Beer Rules

We were seated at our usual table on the covered deck, in the corner under the TV, just above the pebble beach overlooking the scenic harbour and a couple of paddle boarders fighting the choppy water. One of them had a dog in front of him.

“Silly sport,” Camp said.

“I don’t think it’s a sport. Poor dog,” I said and then asked Camp: “Did you go to the Jazzfest last weekend?”

“No, I tried to be busy at the store,” he said. “Being the owner of the town’s one and only bookstore has its drawbacks, like having to be open on weekends when the rest of the world is enjoying a festival or a day off.”

“Well, you missed some outstanding music and a perfect setting right by the sea. There was only one problem. I got busted,” I said, ordering us a couple of locally brewed pints from Vicky, the waitress. The Irish Stout has grown on me.

“That should be a good story. Whatever for? Disorderly behaviour?”

“No, drinking in public.”

“At the Jazzfest?”

“Yep, I was enjoying a cold one, sitting on the grassy knoll above the beer garden, apparently outside of the allowed area.”

“You’re kidding,” Camp said, shaking his unruly head of grey curls.

“I wish I was. I was dressed down like a schoolboy in front of quite a few people that know me. Now they will remember me even better. I thought those antiquated liquor laws were a thing of the past. Apparently not. The consumption of beer was only allowed inside a cramped space surrounded by that attractive orange plastic mesh fence like a cattle pen.”

“That is so undignified.”

“You’re telling me. I had a bunch of kids stare at me like I was the town criminal.”

“What did you do?”

“I downed my beer, instead of pouring it out, and left with my head held high before I said something stupid.”

“Wise move,” Camp nodded. “Best to shut up in a situation like that.”

“I was reading my Swiss Newspaper the other day and they just passed a law allowing gas stations and highway overpass restaurants to sell alcohol. Guess what their rational was?”

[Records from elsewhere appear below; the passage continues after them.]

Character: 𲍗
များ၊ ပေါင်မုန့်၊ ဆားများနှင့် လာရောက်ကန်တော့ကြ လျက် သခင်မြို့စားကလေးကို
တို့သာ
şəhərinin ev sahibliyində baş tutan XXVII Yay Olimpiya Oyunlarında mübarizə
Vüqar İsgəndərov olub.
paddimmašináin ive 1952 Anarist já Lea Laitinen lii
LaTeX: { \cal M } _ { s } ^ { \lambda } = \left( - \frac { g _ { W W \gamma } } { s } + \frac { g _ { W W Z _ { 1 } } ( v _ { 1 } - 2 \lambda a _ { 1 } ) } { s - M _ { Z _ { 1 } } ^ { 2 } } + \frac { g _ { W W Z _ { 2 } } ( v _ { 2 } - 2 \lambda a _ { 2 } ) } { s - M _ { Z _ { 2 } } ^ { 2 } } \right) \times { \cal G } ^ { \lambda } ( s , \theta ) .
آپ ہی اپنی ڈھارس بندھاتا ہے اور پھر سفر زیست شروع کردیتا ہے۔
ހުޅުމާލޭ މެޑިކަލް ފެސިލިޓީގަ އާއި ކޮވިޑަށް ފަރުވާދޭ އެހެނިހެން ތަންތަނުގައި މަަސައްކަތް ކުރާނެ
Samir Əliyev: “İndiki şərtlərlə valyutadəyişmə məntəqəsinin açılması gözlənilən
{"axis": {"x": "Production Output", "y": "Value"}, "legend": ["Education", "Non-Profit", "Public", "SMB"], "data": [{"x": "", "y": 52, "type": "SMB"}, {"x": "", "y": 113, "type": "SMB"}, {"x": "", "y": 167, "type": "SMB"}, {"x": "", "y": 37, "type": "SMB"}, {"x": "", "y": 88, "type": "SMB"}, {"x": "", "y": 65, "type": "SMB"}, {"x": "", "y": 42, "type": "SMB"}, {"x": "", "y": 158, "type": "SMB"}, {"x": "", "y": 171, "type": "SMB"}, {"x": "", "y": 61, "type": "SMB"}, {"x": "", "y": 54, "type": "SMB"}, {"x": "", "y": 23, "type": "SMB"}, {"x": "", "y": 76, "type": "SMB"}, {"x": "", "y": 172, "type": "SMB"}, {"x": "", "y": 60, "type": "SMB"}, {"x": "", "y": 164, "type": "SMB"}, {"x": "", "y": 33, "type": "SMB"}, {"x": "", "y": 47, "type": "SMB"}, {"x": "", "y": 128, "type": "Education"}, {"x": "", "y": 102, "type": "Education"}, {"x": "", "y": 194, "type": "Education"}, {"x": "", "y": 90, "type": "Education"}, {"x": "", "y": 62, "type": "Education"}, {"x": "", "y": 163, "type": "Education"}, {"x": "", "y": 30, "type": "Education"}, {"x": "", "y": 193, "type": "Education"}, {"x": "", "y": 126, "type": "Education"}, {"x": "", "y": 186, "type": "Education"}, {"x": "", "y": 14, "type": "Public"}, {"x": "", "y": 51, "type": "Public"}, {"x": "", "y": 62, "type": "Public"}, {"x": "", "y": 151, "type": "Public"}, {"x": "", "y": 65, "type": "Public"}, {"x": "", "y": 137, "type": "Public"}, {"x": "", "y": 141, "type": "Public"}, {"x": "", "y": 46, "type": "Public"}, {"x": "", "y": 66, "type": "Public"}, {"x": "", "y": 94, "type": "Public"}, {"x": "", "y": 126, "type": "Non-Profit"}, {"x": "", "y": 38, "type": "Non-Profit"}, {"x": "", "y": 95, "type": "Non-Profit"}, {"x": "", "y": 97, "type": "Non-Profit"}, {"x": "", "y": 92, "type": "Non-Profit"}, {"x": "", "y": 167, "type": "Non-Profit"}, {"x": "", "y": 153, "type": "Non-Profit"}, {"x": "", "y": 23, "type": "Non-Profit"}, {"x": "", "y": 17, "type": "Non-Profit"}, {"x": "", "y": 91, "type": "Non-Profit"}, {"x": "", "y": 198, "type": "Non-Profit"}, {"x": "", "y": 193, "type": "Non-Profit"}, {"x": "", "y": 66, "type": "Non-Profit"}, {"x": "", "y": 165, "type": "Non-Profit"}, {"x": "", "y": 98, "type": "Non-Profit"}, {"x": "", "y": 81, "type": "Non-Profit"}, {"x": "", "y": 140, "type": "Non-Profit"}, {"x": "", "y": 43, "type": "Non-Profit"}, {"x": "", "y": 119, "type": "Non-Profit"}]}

“Sell more booze for more taxes?”

“Wrong. There are no booze taxes in Switzerland. You can buy a good bottle of Italian table wine for five bucks. No, the government said that it was not their mandate to legislate morality and behaviour. Adults know their limits and responsibilities and they are entitled to buy beer or wine or a bottle of vodka anywhere and anytime they please.”

“Wow, that doesn’t sound like government policy,” Camp said impressed. “Here it’s all about rules and if you don’t follow them you get busted.”

“There you have it. Reminds me of the time when my dad first came to Canada to help us build our house. He got off the plane around noon with a mighty craving for a cold beer. Something we both can understand. Clare worked near Main and Broadway and we were going to pick her up but we had about an hour to spare. I drove down Main wracking my brain for a place to have a brew and there it was, the old Cobalt Inn with flashing neon signs advertising Girls, Girls, Girls. This surely couldn’t refer to the lunch hour. In we went, momentarily blinded by the sudden darkness of the musty interior, smelling of smoke and perfume. We picked a table close to the stage where there was more light and away from the pool table where a couple of bikers were chasing the balls. The stale beer arrived but after the first sip my dad sputtered and almost choked when suddenly the lights started flashing in time with the heavy bass beat of a disco song and the scantily clad noon time dancer started gyrating on the small stage right next to us. My Dad forgot all about the beer and sat there open mouthed, probably wondering if this was hell or heaven. I felt like such a dolt Camp but it was too late to run away. After the show we paid and without a word stepped into the bright, blinding sunlight. We picked Clare up and when she asked my Dad how the flight was he looked at her and said in his awkward English: “The beer was naked.” Clare gave me a quizzical look and I confessed the misadventure. She just shook her head in disbelieve. My Dad stayed a month and left convinced that in Canada you either had to watch strippers or eat a sandwich in order to have a beer. Such were the rules then.”

“They are not much better these days,” Camp said amused by my little vignette, “but at least you don’t have to have a dummy sandwich behind the bar in order to have a beer.”

“Yes, but we still have drinking rules which are only stricter in the Arab countries, not like in Europe or in Latin America where you can enjoy a glass of wine or a beer anywhere, anytime: from the train station to the beach, from the side walk cafés to the rooftop bars.”

“There used to be separate entrances for men and women with escorts only,”

Camp pointed out. “Women could vote but not go to a bar alone.”

I guess, I’m just one of those irresponsible adults who didn’t follow the rules. Clare got a good laugh out of it. So much for drink thy beer with joy, she said.”